Yeast as a Platform Cell Factory in Future Biorefineries

Microbial fermentations are the core of biorefineries as this process ensures value addition when the raw material is converted to desired fuels and chemicals. The development of efficient cell factories that can be used as biocatalysts in microbial fermentations is often the most time consuming and R&D intensive part in the development of a biorefinery. Most current biorefineries involve ethanol production, but there is much interest to upgrade the production of ethanol to other more valuable fuels like butanol and diesel. This can be done through simple replacement of the biocatalyst, which in this case is the yeast Saccharomyces cerevisiae, and replacement of the biocatalyst can often be done in a plug-and-play fashion with little requirement for retrofitting of the production facility.
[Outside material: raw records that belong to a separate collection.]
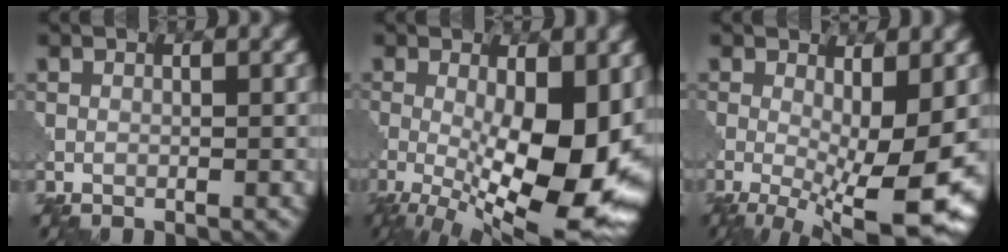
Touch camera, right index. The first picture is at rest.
{"total": 14.8, "force": [-2.6, 5.4, 13.5], "torque": [-0.205, -0.018, -0.034]}
{"total": 10.6, "force": [-2.1, 3.0, 10.0], "torque": [-0.165, -0.020, -0.027]}
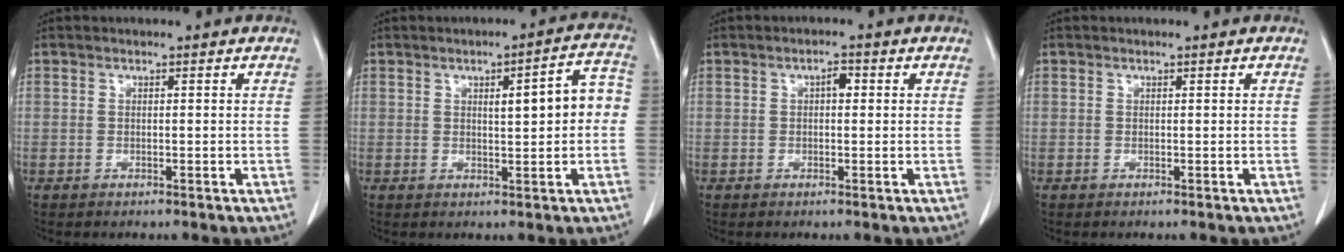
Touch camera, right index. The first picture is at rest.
{"total": 7.0, "force": [0.5, 1.5, 6.8], "torque": [-0.090, 0.025, 0.008]}
{"total": 1.7, "force": [0.3, 0.8, 1.5], "torque": [-0.020, 0.006, 0.003]}
{"total": 0.0}
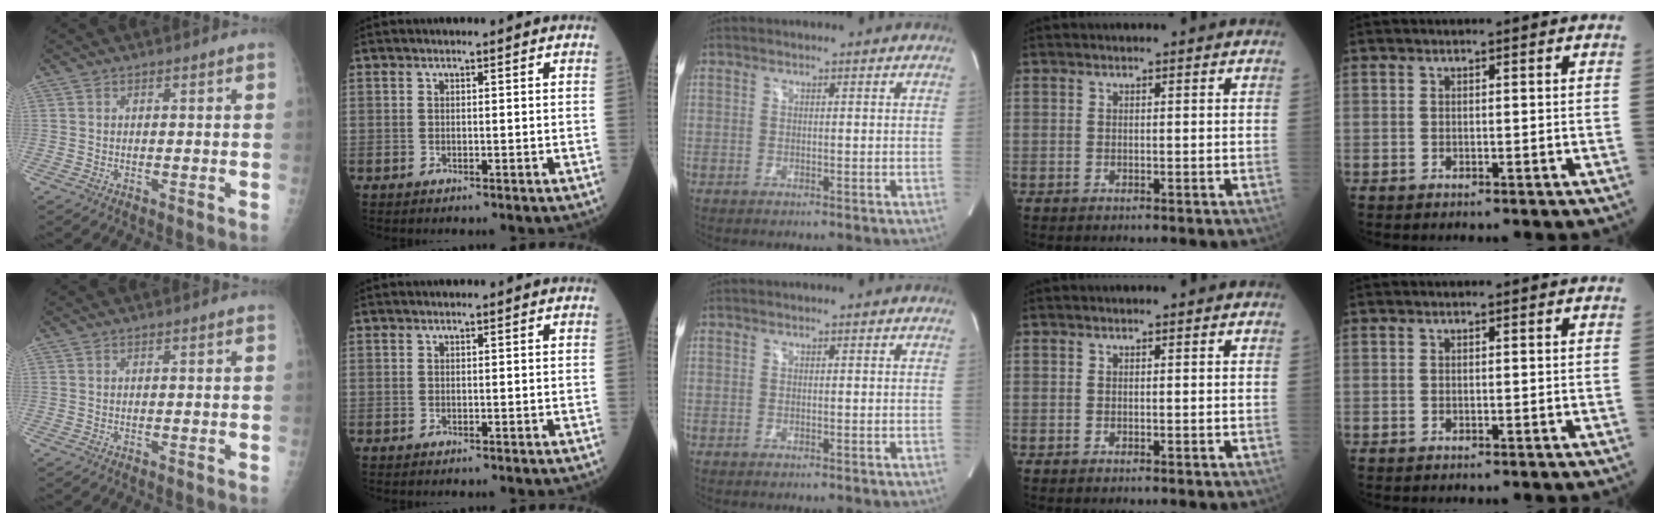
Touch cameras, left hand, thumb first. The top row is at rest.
{}
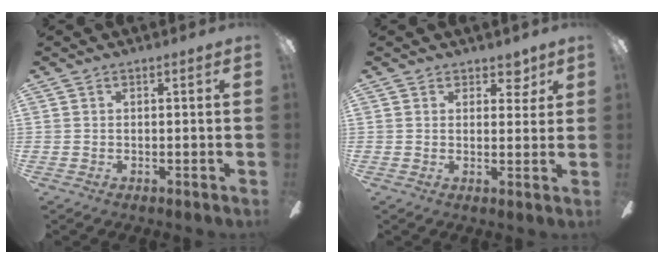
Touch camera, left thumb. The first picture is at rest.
{"total": 4.1, "force": [2.9, 2.5, 1.5], "torque": [-0.006, -0.011, 0.048]}
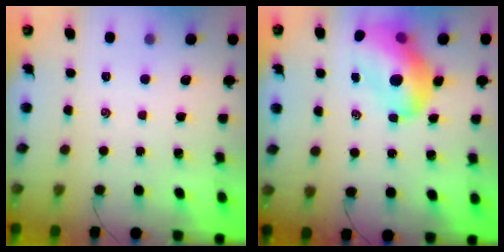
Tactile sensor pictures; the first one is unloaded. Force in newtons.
{"total": 14.5, "press": 13.8, "slide": 4.3}
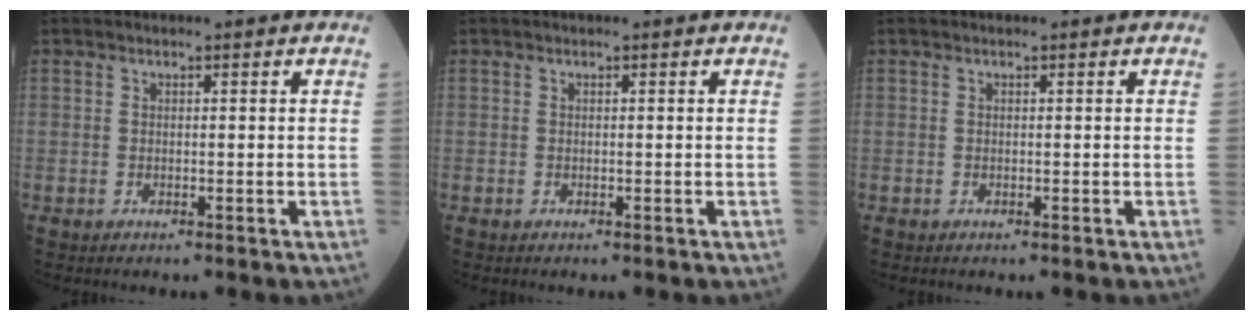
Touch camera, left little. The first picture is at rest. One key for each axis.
{"total": 0.0}
{"total": 0.0}
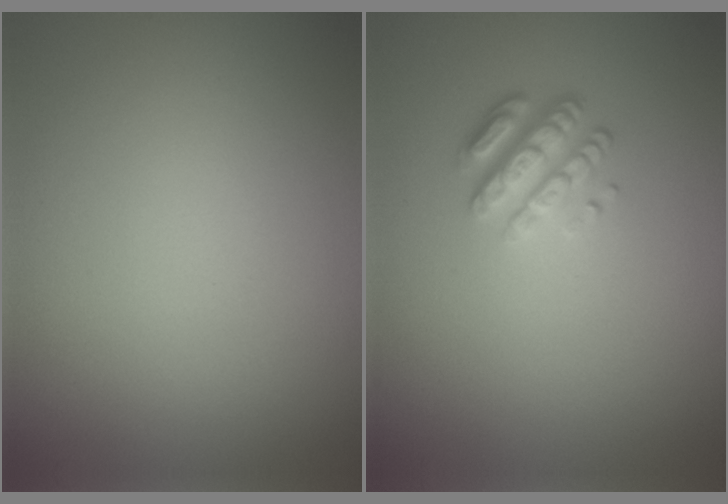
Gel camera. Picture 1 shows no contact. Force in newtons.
{"total": 3.3, "press": 2.6, "slide": 2.1}
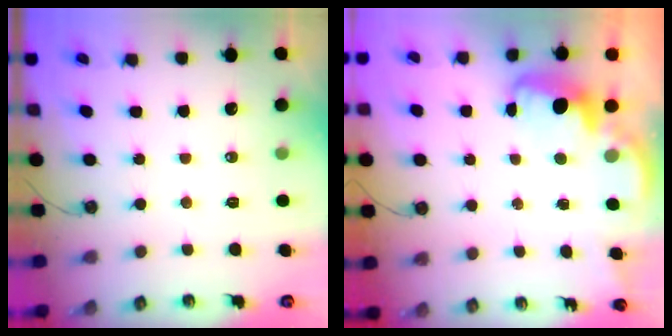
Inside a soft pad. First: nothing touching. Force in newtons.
{"total": 2.6, "press": 2.6, "slide": 0.5}
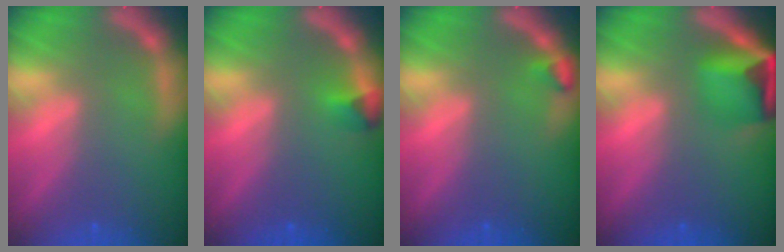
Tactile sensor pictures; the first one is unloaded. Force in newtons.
{"total": 1.4}
{"total": 0.9}
{"total": 6.0}
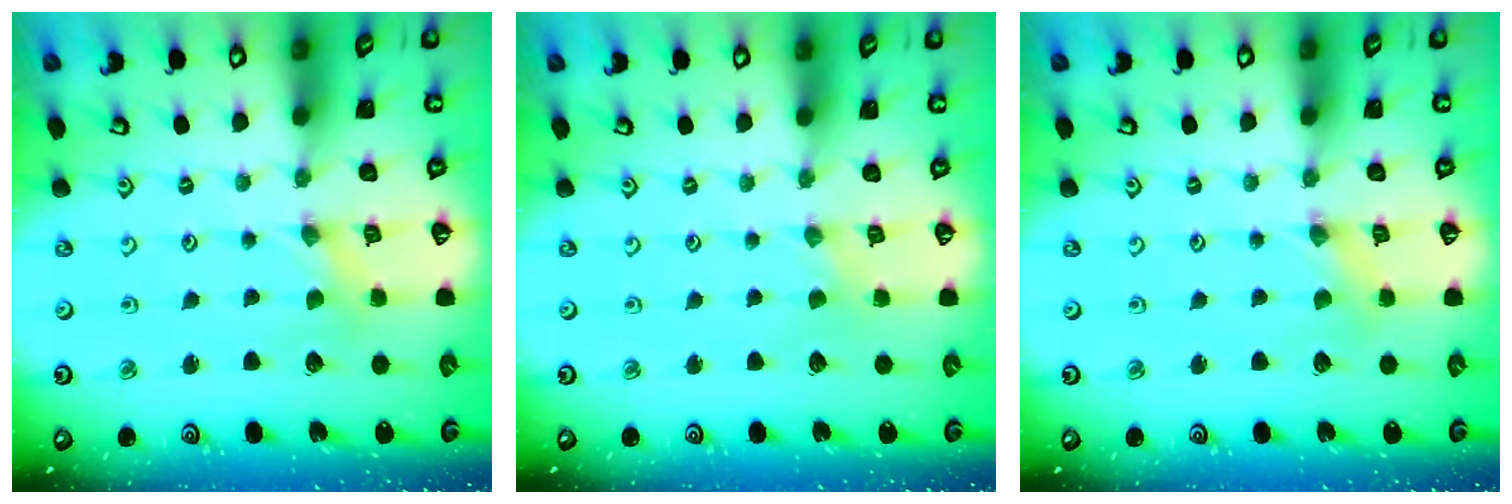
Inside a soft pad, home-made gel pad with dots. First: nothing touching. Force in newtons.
{"total": 0.0}
{"total": 0.8, "press": 0.8, "slide": 0.0}
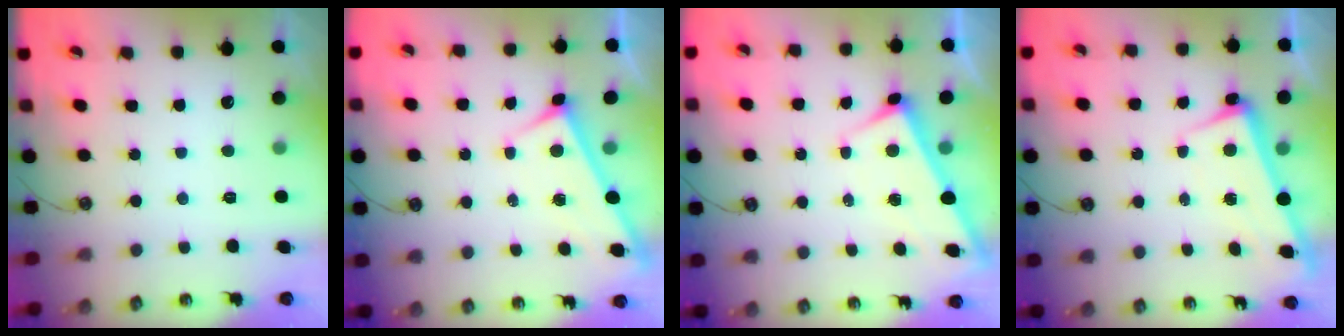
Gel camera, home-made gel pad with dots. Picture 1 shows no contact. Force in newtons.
{"total": 2.9, "press": 2.9, "slide": 0.3}
{"total": 4.6, "press": 4.6, "slide": 0.1}
{"total": 2.4, "press": 2.2, "slide": 0.8}
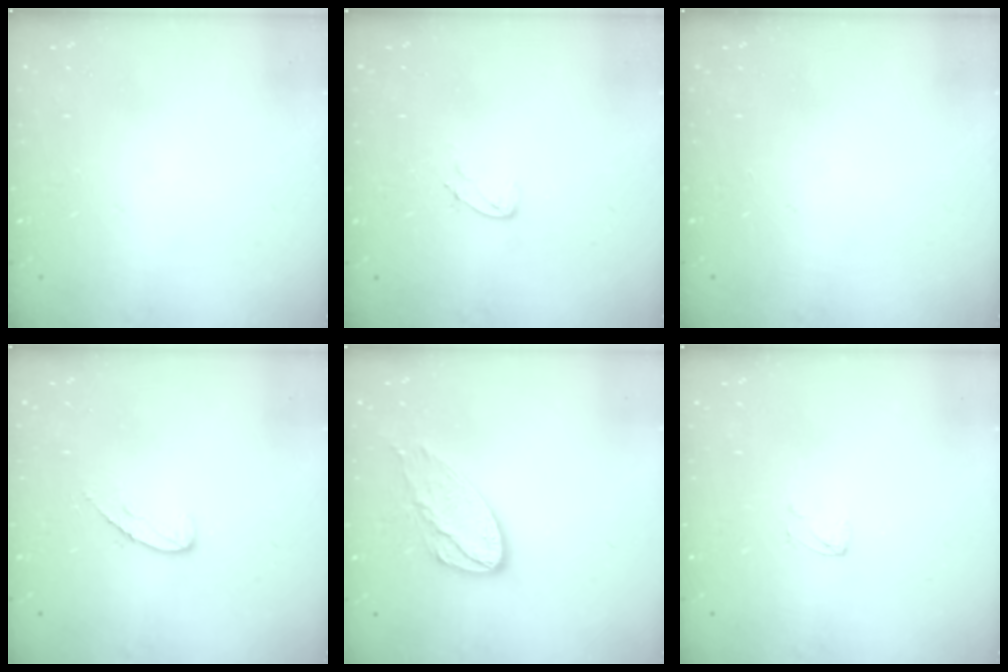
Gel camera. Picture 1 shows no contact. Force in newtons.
{"total": 5.3, "press": 5.3, "slide": 0.6}
{"total": 0.0}
{"total": 7.2, "press": 7.2, "slide": 0.6}
{"total": 10.9, "press": 10.9, "slide": 0.5}
{"total": 2.9, "press": 2.9, "slide": 0.2}
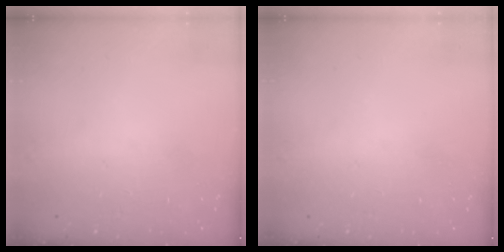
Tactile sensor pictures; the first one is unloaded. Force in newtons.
{"total": 0.0}
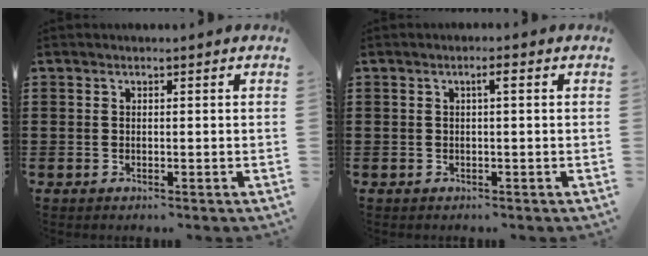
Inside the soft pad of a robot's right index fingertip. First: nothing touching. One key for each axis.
{"total": 1.7, "fx": 0.3, "fy": 0.2, "fz": 1.6, "tx": -0.031, "ty": 0.003, "tz": 0.003}
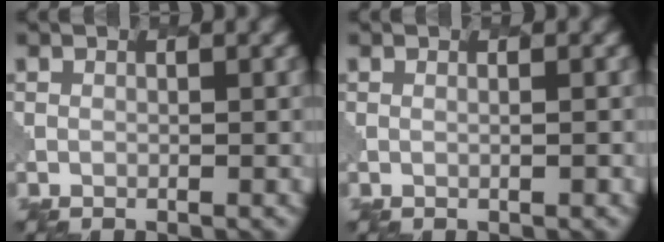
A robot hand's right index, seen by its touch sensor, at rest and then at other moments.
{"total": 0.9, "force": [0.5, 0.3, 0.7], "torque": [-0.005, 0.000, 0.000]}
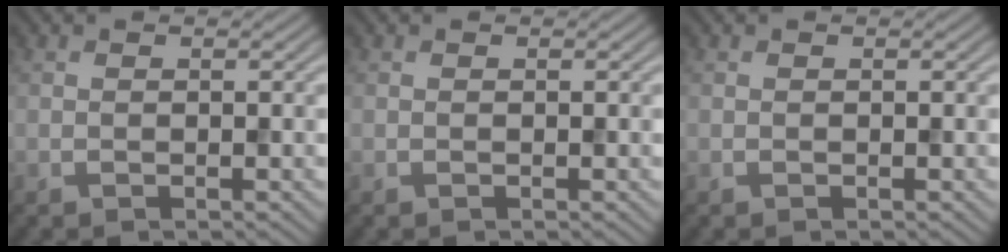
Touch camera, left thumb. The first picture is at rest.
{"total": 0.0}
{"total": 0.0}
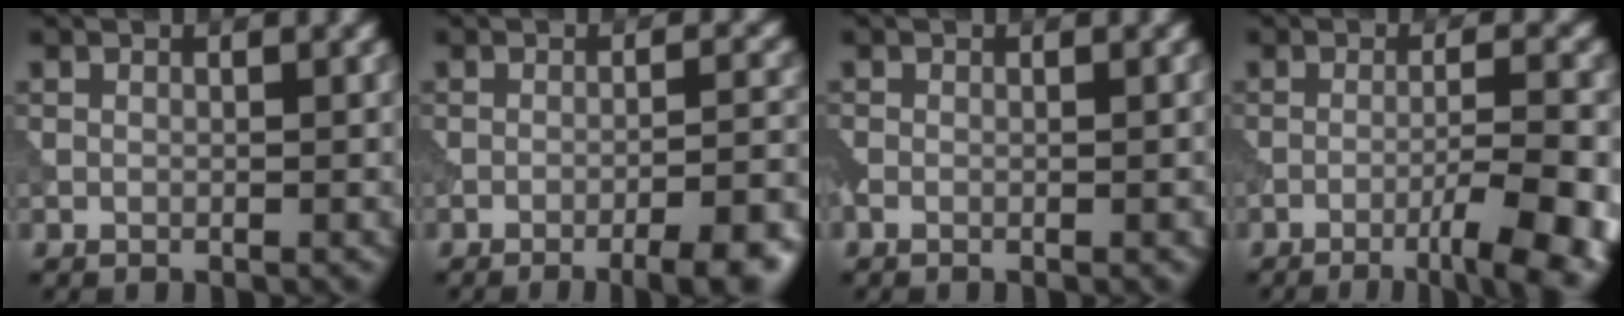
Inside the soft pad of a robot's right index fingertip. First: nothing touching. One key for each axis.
{"total": 7.5, "fx": -4.7, "fy": 2.1, "fz": 5.4, "tx": -0.054, "ty": 0.006, "tz": -0.051}
{"total": 1.3, "fx": -0.7, "fy": 0.3, "fz": 1.0, "tx": -0.018, "ty": -0.002, "tz": -0.014}
{"total": 8.8, "fx": -4.3, "fy": 2.2, "fz": 7.3, "tx": -0.092, "ty": 0.003, "tz": -0.050}
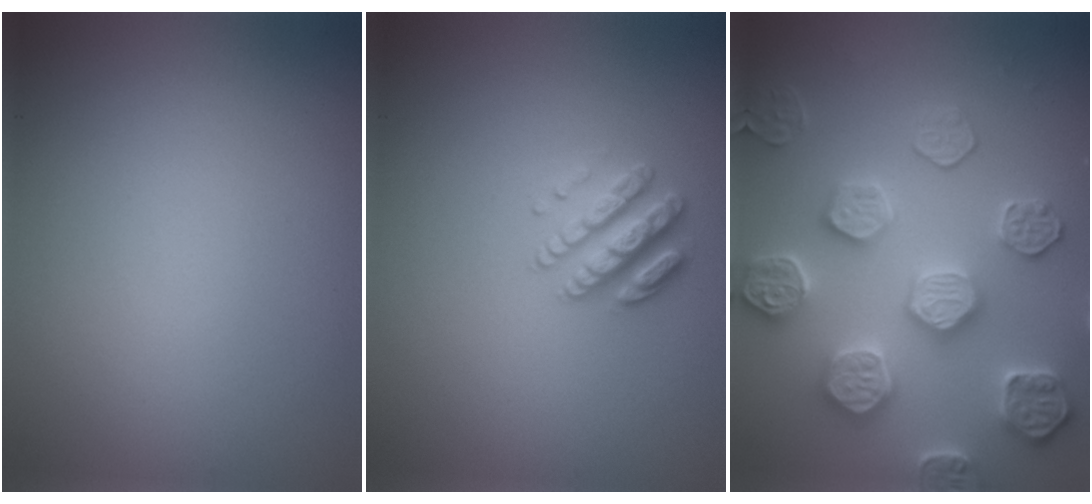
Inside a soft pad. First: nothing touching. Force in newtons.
{"total": 2.8, "press": 2.7, "slide": 0.8}
{"total": 5.8, "press": 5.6, "slide": 1.3}
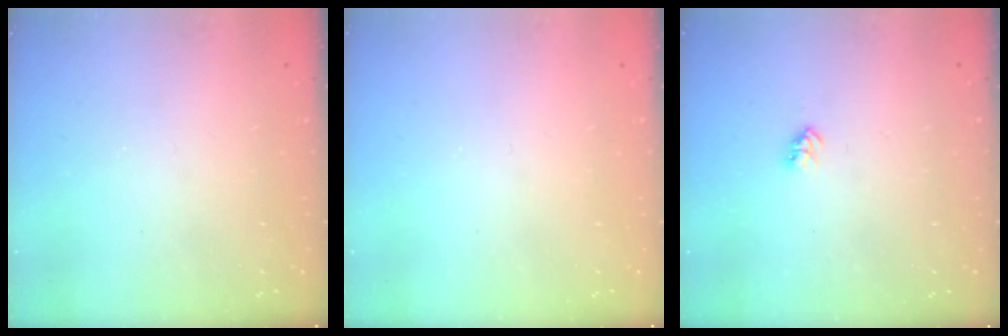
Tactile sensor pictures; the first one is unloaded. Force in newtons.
{"total": 0.0}
{"total": 2.7, "press": 2.7, "slide": 0.4}
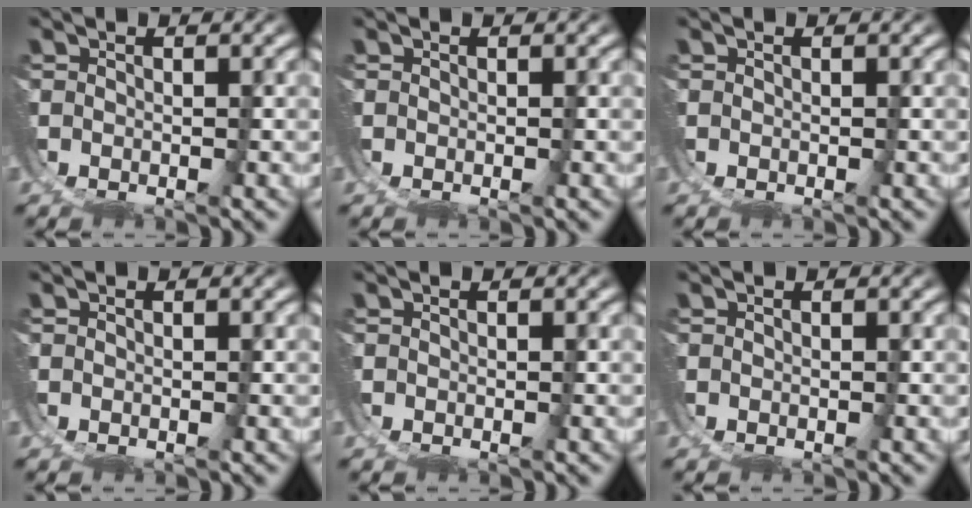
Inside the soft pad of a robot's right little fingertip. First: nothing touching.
{"total": 0.0}
{"total": 0.0}
{"total": 0.0}
{"total": 0.0}
{"total": 0.0}
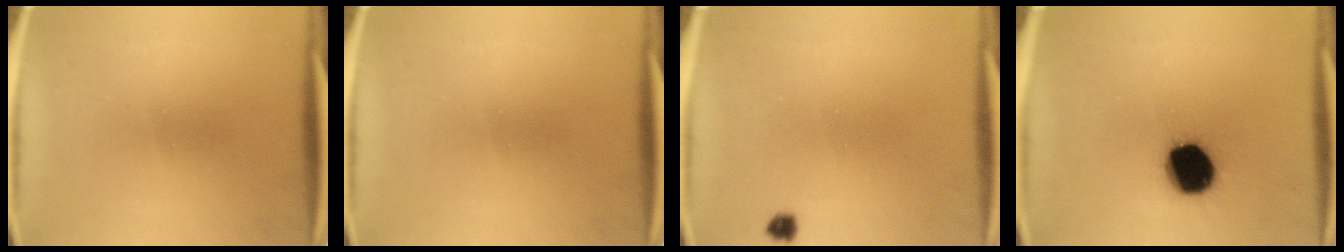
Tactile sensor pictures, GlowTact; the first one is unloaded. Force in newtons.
{"total": 0.0}
{"total": 1.4}
{"total": 15.2}

Besides its classical application in the production of bread, beer, wine and bioethanol, the yeast Saccharomyces cerevisiae is a widely used cell factory for production of fine chemicals such as resveratrol, and for production of pharmaceutical proteins such as human insulin and vaccines. In connection with the development of biorefineries for sustainable production of fuels and chemicals, there is much interest to use yeast as a cell factory due to its general acceptance in the industry, its robustness towards contaminations, its high alcohol tolerance, and its low pH tolerance. Further advantages of using yeast are that a large number of molecular biology techniques are available for this organism, there is a large experimental database available and there is an excellent research infrastructure.

In this lecture tools for advancing the design and engineering of novel, efficient yeast biocatalysts will be presented. This will involve both a number of novel synthetic biology tools that allows for rapid reconstruction of heterologous pathways, for tuning expression using promoter libraries and different expression vectors. Also different tools from metabolic engineering will be presented, e.g. methods for flux quantification and mapping of flux control. Finally methods from systems biology will be presented, as these may offer completely computerized design of cell factories in the future using so-called genome-scale metabolic models. Examples for how the metabolism of yeast can be engineered for production of novel fuels and chemicals will be presented, and it will be demonstrated how yeast can be engineered to produce a range of different products and hence can serve as a platform cell factory in modern biorefineries.